- Interactive map of Chintaki
- Chintaki Location in Karnataka, India
- Coordinates: 18°13′15″N 77°32′30″E﻿ / ﻿18.220922°N 77.541645°E
- Country: India
- State: Karnataka
- District: Bidar district
- Taluka: Aurad taluka

Area
- • Total: 15.406 km^{2} (5.948 sq mi)

Population (2011)
- • Total: 3,557

Demographics
- • Sex ratio: 938 ♀/1000 ♂
- PIN Code: 585326
- Vehicle registration: KA38

= Chintaki =

Village in Karnataka, India

Chintaki is a village in the Aurad Taluka of the Bidar district in the state of Karnataka, India. In April 2026, the temperature in the town reached 46° C, the highest ever recorded in the state.

== Demographics ==
The 2011 census population 3,557 people. Of these, 1,835 were men and 1,722 were women, or roughly 938 women for every 1,000 men. The village had 623 households and covered 15.406 square kilometres. There were 543 children under seven: 274 boys and 269 girls.

== Geography and climate ==
Chintaki sits on the northern Deccan Plateau, the summers can get very hot and dry. On 29 April 2026, the temperature reached 46° C according to the Karnataka State Natural Disaster Monitor Centre, the highest temperature the state had ever seen.

== Education ==
The 2011 census found several schools in Chintaki: one pre-primary, four primary, two middle and two secondary schools.

== Healthcare ==
Chintaki has a Primary Health Centre. In October 2021, the centre got a National Quality Assurance Standards certificate from the Central Quality Supervisory Committee. The certificate was valid for three years. It recognized the centre's work in patient care, infection control, and other areas. It also came with an annual grant of ₹3 lakh from the central government.

== Administration ==
Chintaki is run by a village panchayat. The panchayat falls under the Aurad taluka panchayat and Bidar Zilla panchayat.
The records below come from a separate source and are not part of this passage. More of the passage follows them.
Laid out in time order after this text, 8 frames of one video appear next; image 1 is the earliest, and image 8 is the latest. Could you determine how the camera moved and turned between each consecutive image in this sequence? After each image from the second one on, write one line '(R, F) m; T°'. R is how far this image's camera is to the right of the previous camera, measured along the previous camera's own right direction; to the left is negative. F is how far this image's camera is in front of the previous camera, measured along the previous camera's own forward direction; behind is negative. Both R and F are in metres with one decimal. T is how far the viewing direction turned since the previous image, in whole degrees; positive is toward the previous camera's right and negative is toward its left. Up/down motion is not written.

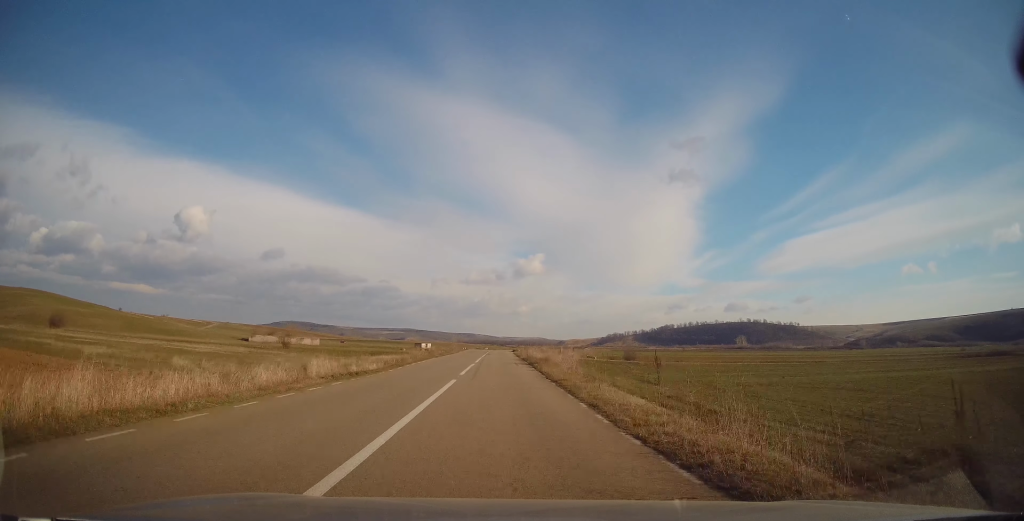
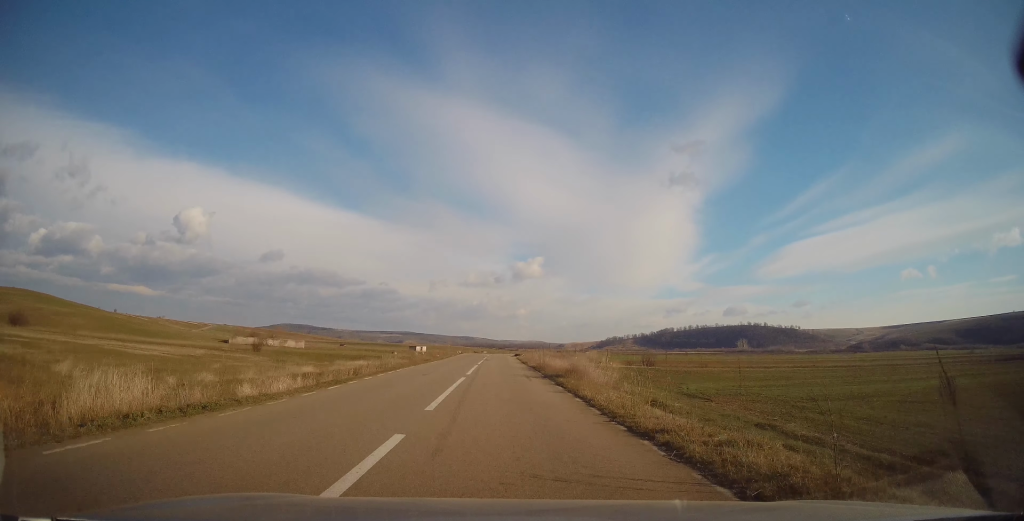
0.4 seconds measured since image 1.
(-0.1, +10.5) m; 0°
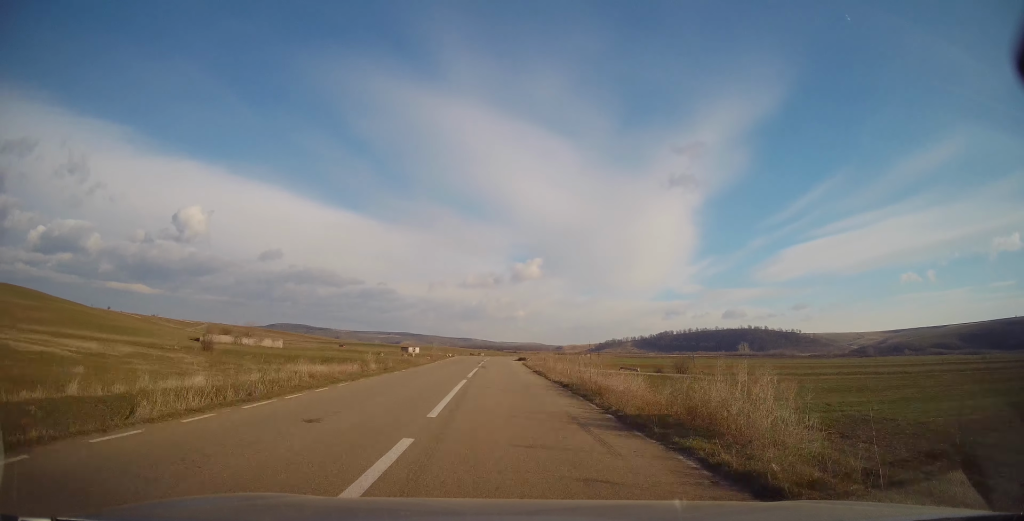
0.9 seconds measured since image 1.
(+0.1, +13.2) m; +1°
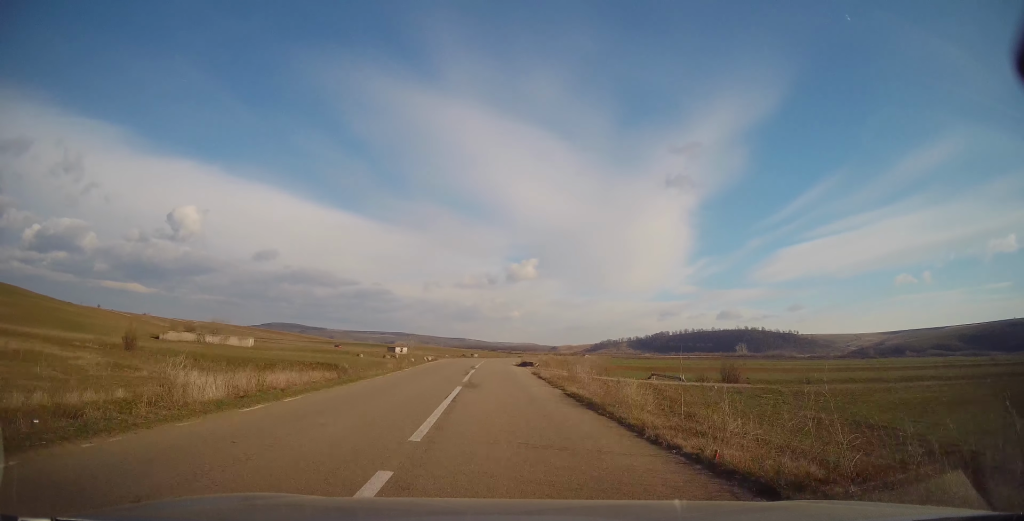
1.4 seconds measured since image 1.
(+0.2, +13.9) m; +1°
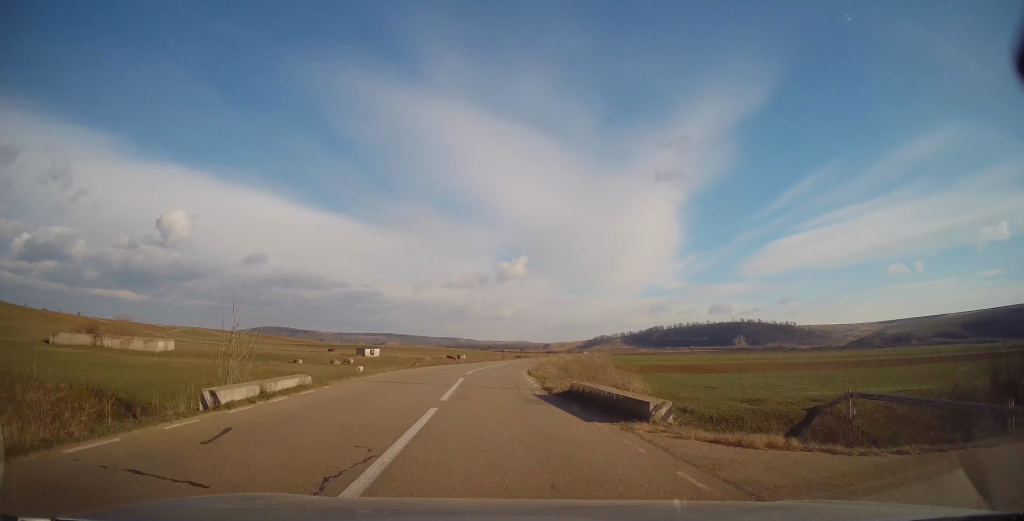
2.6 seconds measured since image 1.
(+0.2, +29.0) m; 0°
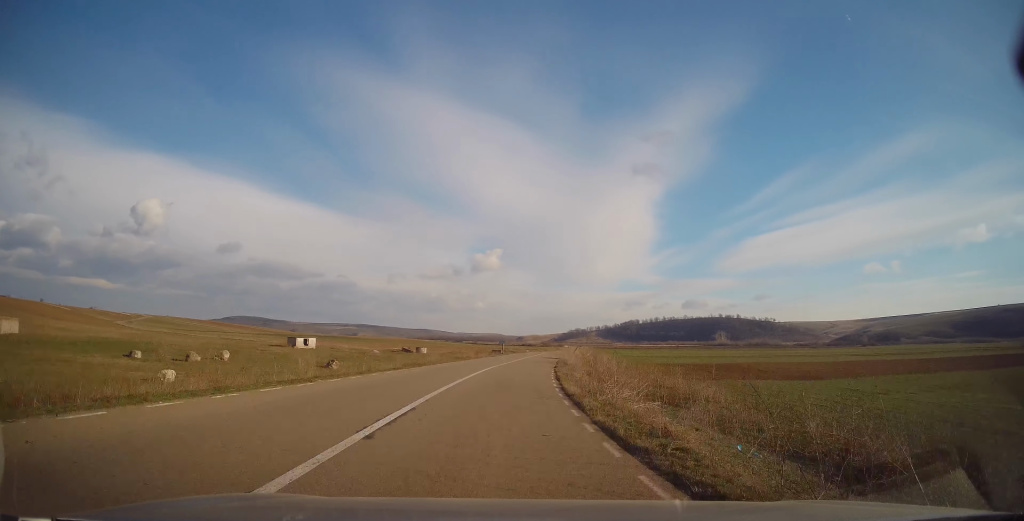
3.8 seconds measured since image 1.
(+0.4, +30.5) m; +3°
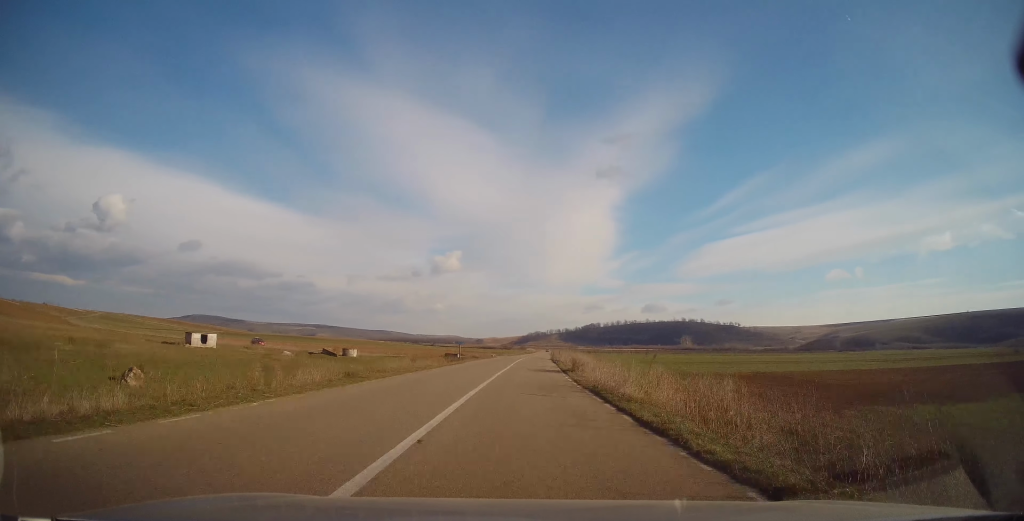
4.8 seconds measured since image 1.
(+1.0, +24.4) m; +4°
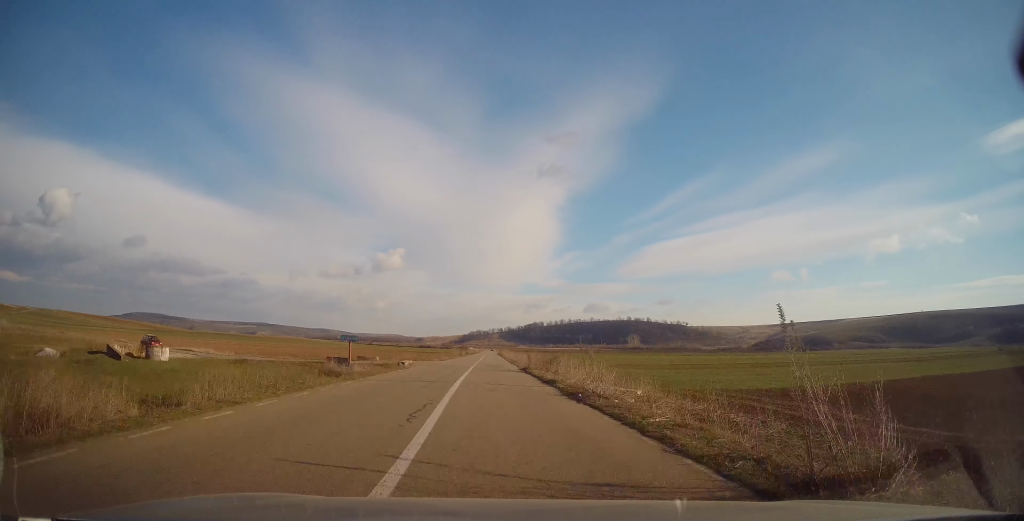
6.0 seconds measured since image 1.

During the 2016 demonetisation, the panchayat decided to accept the old ₹500 and ₹1000 notes for tax payments. Shivanand Aurade, the Panchayat Development Officer, organised the drive. His team went door-to-door and set up a counter outside the State Bank of Hyderabad branch.

== Notable events ==
The funeral of Gurupadappa Nagamarapalli was held in Chintaki on 18 November 2015. Nagamarapalli was a former minister and well known as co-operative leader. He received a state funeral, which included a three-gun salute. The burial took place on his family farm at the edge of the village. Two former Chief Ministers Jagadish Shettar and N. Dharam Singh, were among those who attended the event.